3.2.2 The comparison can be performed multiple times. The Personal Data will be stored in a form, which permits identification of Data Subjects, for no longer than is necessary for the purpose of matching Data Subjects with a potential entitlement to monetary compensation under any law, regulation, directive or similar, whether issued on state, federal, EU, national or regional level, that establishes rules on monetary compensation, damages or refund to air passengers in relation to flights purchased via the Company.

3.2.3 AirHelp shall on behalf of the Company and using the email domains of the Company inform, by e-mail, the matched Data Subjects of their potential entitlement to monetary compensation.

3.2.4 The e-mail shall include an option for the matched Data Subjects to pursue their potential entitlement to monetary compensation.

3.3 Sub-processors (Another processor)

3.3.1 AirHelp may engage another processor to provide the services under the Agreement. The Customer provides a general authorization for the use of sub processors.

3.3.2 AirHelp shall inform the Company of any sub-processors used in the provision of the services under the Agreement and any intended changes concerning the addition or replacement of processors.

3.3.3 AirHelp shall only use processers providing sufficient guarantees to implement appropriate technical and organizational measures in such a manner that the Processing will meet the requirements of the Data Protection Legislation.

3.3.4 AirHelp shall remain fully liable to the Company for the performance of that other processor’s obligations.

3.4 Notification of Personal Data Breach. AirHelp shall notify the Company’s DPO, without undue delay, any Personal Data Breach it becomes aware of, together with all relevant information and documents that is available to AirHelp, to allow the Company to make the necessary assessment as to whether a notification to supervisory authorities or Data Subjects is required.

3.5 Privacy Impact Assessments and Prior Consultations

3.5.1 AirHelp shall, taking into account the nature of Processing and information available, provide assistance to the Company in the performance of a privacy impact assessment (“PIA”) that the Company needs to carry out, in accordance with the Data Protection Legislation.

3.5.2 AirHelp shall also provide assistance to the Company in the performance of any prior consultation to the supervisory authority that the Company wishes to carry out, in accordance with the Data Protection Legislation.

4. PROCESSING OF PERSONAL DATA WHEN PROVIDING AIRHELP PRODUCTS TO END USERS

4.1 The Parties agree that for the purposes of providing the AirHelp Products to an End User, the AirHelp will be a data controller of the Personal Data of the End User and the following provisions apply:

4.1.1 The Parties shall only Process Personal Data for the following agreed purposes: in the case of AirHelp, the provision of the AirHelp Products and related services by AirHelp and in the case of the Company, the sale of travel related products and services by Company to Company Customers.
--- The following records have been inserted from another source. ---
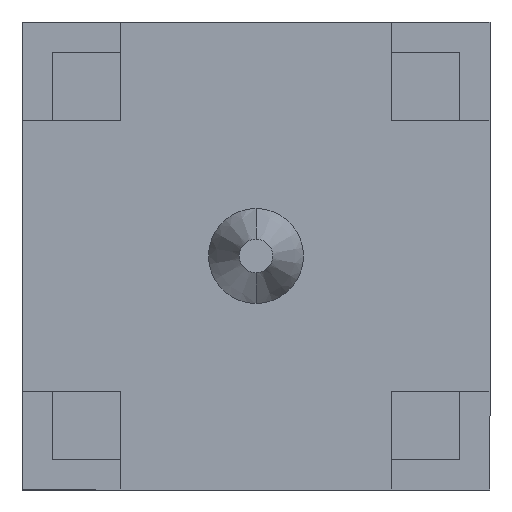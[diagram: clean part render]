
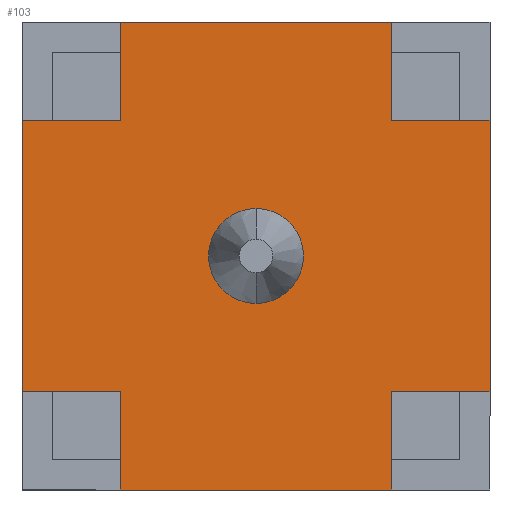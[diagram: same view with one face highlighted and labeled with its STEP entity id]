
A CAD part, front view. The second image highlights one B-rep face of the part: STEP entity #103.
In plain terms, the highlighted planar face has unit normal (0, -1, 0).
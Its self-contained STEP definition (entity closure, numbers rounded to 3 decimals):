
#3 = VECTOR ( 'NONE', #1085, 1000. ) ;
#5 = VECTOR ( 'NONE', #11, 1000. ) ;
#8 = VERTEX_POINT ( 'NONE', #1141 ) ;
#11 = DIRECTION ( 'NONE',  ( -1., 0., 0. ) ) ;
#17 = CARTESIAN_POINT ( 'NONE',  ( -1.015, -1.565, 1.75 ) ) ;
#19 = ORIENTED_EDGE ( 'NONE', *, *, #1147, .T. ) ;
#28 = DIRECTION ( 'NONE',  ( -1., 0., 0. ) ) ;
#32 = AXIS2_PLACEMENT_3D ( 'NONE', #1113, #224, #1388 ) ;
#56 = CARTESIAN_POINT ( 'NONE',  ( 1.015, -1.565, -1.015 ) ) ;
#61 = VECTOR ( 'NONE', #615, 1000. ) ;
#64 = VECTOR ( 'NONE', #618, 1000. ) ;
#79 = EDGE_CURVE ( 'NONE', #1688, #1385, #1563, .T. ) ;
#91 = VECTOR ( 'NONE', #1161, 1000. ) ;
#103 = ADVANCED_FACE ( 'NONE', ( #1319, #396 ), #534, .F. ) ;
#143 = DIRECTION ( 'NONE',  ( 0., 0., 1. ) ) ;
#157 = DIRECTION ( 'NONE',  ( 0., 1., 0. ) ) ;
#165 = LINE ( 'NONE', #675, #680 ) ;
#184 = LINE ( 'NONE', #293, #3 ) ;
#224 = DIRECTION ( 'NONE',  ( 0., 1., 0. ) ) ;
#265 = CARTESIAN_POINT ( 'NONE',  ( -1.015, -1.565, -1.015 ) ) ;
#266 = VERTEX_POINT ( 'NONE', #951 ) ;
#276 = ORIENTED_EDGE ( 'NONE', *, *, #698, .T. ) ;
#278 = EDGE_CURVE ( 'NONE', #665, #1080, #1223, .T. ) ;
#280 = LINE ( 'NONE', #809, #958 ) ;
#286 = AXIS2_PLACEMENT_3D ( 'NONE', #1294, #157, #1171 ) ;
#288 = ORIENTED_EDGE ( 'NONE', *, *, #827, .T. ) ;
#293 = CARTESIAN_POINT ( 'NONE',  ( -1.015, -1.565, -1.015 ) ) ;
#301 = EDGE_CURVE ( 'NONE', #1030, #8, #165, .T. ) ;
#340 = CIRCLE ( 'NONE', #32, 0.355 ) ;
#344 = EDGE_CURVE ( 'NONE', #1644, #665, #1667, .T. ) ;
#357 = LINE ( 'NONE', #859, #61 ) ;
#367 = VECTOR ( 'NONE', #783, 1000. ) ;
#389 = VECTOR ( 'NONE', #640, 1000. ) ;
#390 = DIRECTION ( 'NONE',  ( 0., 0., -1. ) ) ;
#392 = VECTOR ( 'NONE', #390, 1000. ) ;
#396 = FACE_OUTER_BOUND ( 'NONE', #785, .T. ) ;
#402 = CARTESIAN_POINT ( 'NONE',  ( -1.75, -1.565, 1.015 ) ) ;
#410 = ORIENTED_EDGE ( 'NONE', *, *, #1293, .T. ) ;
#436 = CARTESIAN_POINT ( 'NONE',  ( 1.75, -1.565, 1.015 ) ) ;
#487 = CARTESIAN_POINT ( 'NONE',  ( -1.75, -1.565, 1.015 ) ) ;
#504 = LINE ( 'NONE', #1555, #392 ) ;
#522 = DIRECTION ( 'NONE',  ( 0., 1., 0. ) ) ;
#525 = EDGE_CURVE ( 'Edge1', #774, #1575, #762, .T. ) ;
#530 = LINE ( 'NONE', #1455, #367 ) ;
#534 = PLANE ( 'NONE',  #286 ) ;
#578 = DIRECTION ( 'NONE',  ( 0., 0., 1. ) ) ;
#615 = DIRECTION ( 'NONE',  ( 0., 0., 1. ) ) ;
#618 = DIRECTION ( 'NONE',  ( 1., 0., 0. ) ) ;
#620 = CARTESIAN_POINT ( 'NONE',  ( -1.015, -1.565, -1.75 ) ) ;
#624 = CARTESIAN_POINT ( 'NONE',  ( 1.75, -1.565, -1.015 ) ) ;
#640 = DIRECTION ( 'NONE',  ( 0., 0., -1. ) ) ;
#653 = CARTESIAN_POINT ( 'NONE',  ( 1.015, -1.565, 1.75 ) ) ;
#665 = VERTEX_POINT ( 'NONE', #840 ) ;
#675 = CARTESIAN_POINT ( 'NONE',  ( 1.75, -1.565, 1.015 ) ) ;
#680 = VECTOR ( 'NONE', #28, 1000. ) ;
#690 = ORIENTED_EDGE ( 'NONE', *, *, #525, .T. ) ;
#698 = EDGE_CURVE ( 'NONE', #1193, #1644, #184, .T. ) ;
#710 = VECTOR ( 'NONE', #578, 1000. ) ;
#717 = VECTOR ( 'NONE', #1182, 1000. ) ;
#737 = CARTESIAN_POINT ( 'NONE',  ( 1.015, -1.565, -1.75 ) ) ;
#739 = CIRCLE ( 'NONE', #854, 0.355 ) ;
#752 = CARTESIAN_POINT ( 'NONE',  ( -1.015, -1.565, 1.015 ) ) ;
#753 = CARTESIAN_POINT ( 'NONE',  ( 0., -1.565, 0. ) ) ;
#762 = LINE ( 'NONE', #402, #389 ) ;
#768 = CARTESIAN_POINT ( 'NONE',  ( -1.015, -1.565, 1.015 ) ) ;
#774 = VERTEX_POINT ( 'NONE', #487 ) ;
#783 = DIRECTION ( 'NONE',  ( 0., 0., 1. ) ) ;
#785 = EDGE_LOOP ( 'NONE', ( #410, #1545, #979, #1418, #690, #810, #276, #1112, #1407, #880, #19, #1208 ) ) ;
#803 = CARTESIAN_POINT ( 'NONE',  ( 1.015, -1.565, -1.015 ) ) ;
#809 = CARTESIAN_POINT ( 'NONE',  ( 1.75, -1.565, -1.015 ) ) ;
#810 = ORIENTED_EDGE ( 'NONE', *, *, #877, .T. ) ;
#815 = VERTEX_POINT ( 'NONE', #624 ) ;
#827 = EDGE_CURVE ( 'Edge5', #266, #1275, #340, .T. ) ;
#840 = CARTESIAN_POINT ( 'NONE',  ( 1.015, -1.565, -1.75 ) ) ;
#854 = AXIS2_PLACEMENT_3D ( 'NONE', #753, #522, #143 ) ;
#859 = CARTESIAN_POINT ( 'NONE',  ( 1.75, -1.565, 1.015 ) ) ;
#877 = EDGE_CURVE ( 'NONE', #1575, #1193, #899, .T. ) ;
#880 = ORIENTED_EDGE ( 'NONE', *, *, #1025, .T. ) ;
#899 = LINE ( 'NONE', #265, #91 ) ;
#901 = EDGE_CURVE ( 'Edge5', #1275, #266, #739, .T. ) ;
#950 = EDGE_CURVE ( 'NONE', #1579, #774, #1178, .T. ) ;
#951 = CARTESIAN_POINT ( 'NONE',  ( 0., -1.565, -0.355 ) ) ;
#958 = VECTOR ( 'NONE', #1329, 1000. ) ;
#971 = EDGE_CURVE ( 'NONE', #1385, #1579, #504, .T. ) ;
#979 = ORIENTED_EDGE ( 'NONE', *, *, #971, .T. ) ;
#1025 = EDGE_CURVE ( 'NONE', #1080, #815, #280, .T. ) ;
#1030 = VERTEX_POINT ( 'NONE', #436 ) ;
#1080 = VERTEX_POINT ( 'NONE', #803 ) ;
#1085 = DIRECTION ( 'NONE',  ( 0., 0., -1. ) ) ;
#1112 = ORIENTED_EDGE ( 'NONE', *, *, #344, .T. ) ;
#1113 = CARTESIAN_POINT ( 'NONE',  ( 0., -1.565, 0. ) ) ;
#1141 = CARTESIAN_POINT ( 'NONE',  ( 1.015, -1.565, 1.015 ) ) ;
#1147 = EDGE_CURVE ( 'NONE', #815, #1030, #357, .T. ) ;
#1161 = DIRECTION ( 'NONE',  ( 1., 0., 0. ) ) ;
#1171 = DIRECTION ( 'NONE',  ( 0., 0., 1. ) ) ;
#1178 = LINE ( 'NONE', #768, #5 ) ;
#1182 = DIRECTION ( 'NONE',  ( -1., 0., 0. ) ) ;
#1193 = VERTEX_POINT ( 'NONE', #1357 ) ;
#1208 = ORIENTED_EDGE ( 'NONE', *, *, #301, .T. ) ;
#1209 = EDGE_LOOP ( 'NONE', ( #1414, #288 ) ) ;
#1223 = LINE ( 'NONE', #56, #710 ) ;
#1275 = VERTEX_POINT ( 'NONE', #1361 ) ;
#1293 = EDGE_CURVE ( 'Edge21', #8, #1688, #530, .T. ) ;
#1294 = CARTESIAN_POINT ( 'NONE',  ( 1.015, -1.565, -1.015 ) ) ;
#1319 = FACE_BOUND ( 'NONE', #1209, .T. ) ;
#1329 = DIRECTION ( 'NONE',  ( 1., 0., 0. ) ) ;
#1357 = CARTESIAN_POINT ( 'NONE',  ( -1.015, -1.565, -1.015 ) ) ;
#1361 = CARTESIAN_POINT ( 'NONE',  ( 0., -1.565, 0.355 ) ) ;
#1385 = VERTEX_POINT ( 'NONE', #17 ) ;
#1388 = DIRECTION ( 'NONE',  ( 0., 0., 1. ) ) ;
#1391 = CARTESIAN_POINT ( 'NONE',  ( -1.75, -1.565, -1.015 ) ) ;
#1407 = ORIENTED_EDGE ( 'NONE', *, *, #278, .T. ) ;
#1414 = ORIENTED_EDGE ( 'NONE', *, *, #901, .T. ) ;
#1418 = ORIENTED_EDGE ( 'NONE', *, *, #950, .T. ) ;
#1455 = CARTESIAN_POINT ( 'NONE',  ( 1.015, -1.565, 1.75 ) ) ;
#1545 = ORIENTED_EDGE ( 'NONE', *, *, #79, .T. ) ;
#1555 = CARTESIAN_POINT ( 'NONE',  ( -1.015, -1.565, 1.75 ) ) ;
#1563 = LINE ( 'NONE', #1578, #717 ) ;
#1575 = VERTEX_POINT ( 'NONE', #1391 ) ;
#1578 = CARTESIAN_POINT ( 'NONE',  ( 1.015, -1.565, 1.75 ) ) ;
#1579 = VERTEX_POINT ( 'NONE', #752 ) ;
#1644 = VERTEX_POINT ( 'NONE', #620 ) ;
#1667 = LINE ( 'NONE', #737, #64 ) ;
#1688 = VERTEX_POINT ( 'NONE', #653 ) ;

4.1.2 Each Party shall comply with their respective obligations under applicable Data Protection Legislation at all times as they apply to the performance of their obligations under this Agreement, in the jurisdictions in which they are performing their obligations under this Schedule 3.

4.1.3 The Parties shall at all times have in place appropriate technical and organizational security measures so that Personal Data is protected against unauthorized or unlawful Processing and against a Personal Data Breach.

4.1.4 The Parties, in exercising their respective rights and performing their respective obligations under this Schedule 2 shall comply with applicable Data Protection Legislation and shall not, as far as is reasonable, do anything or permit anything to be done which has the effect of placing the other Party in breach of applicable Data Protection Legislation.

4.2 The Parties agree to provide reasonable assistance to each other to facilitate the handling of any Personal Data Breach. Each Party shall promptly notify any potential or actual Personal Data Breach to the other Party as well as remedial steps taken to mitigate any adverse effects through mechanisms specified by the other Party to enable it to comply with its own Personal Data Processing obligation.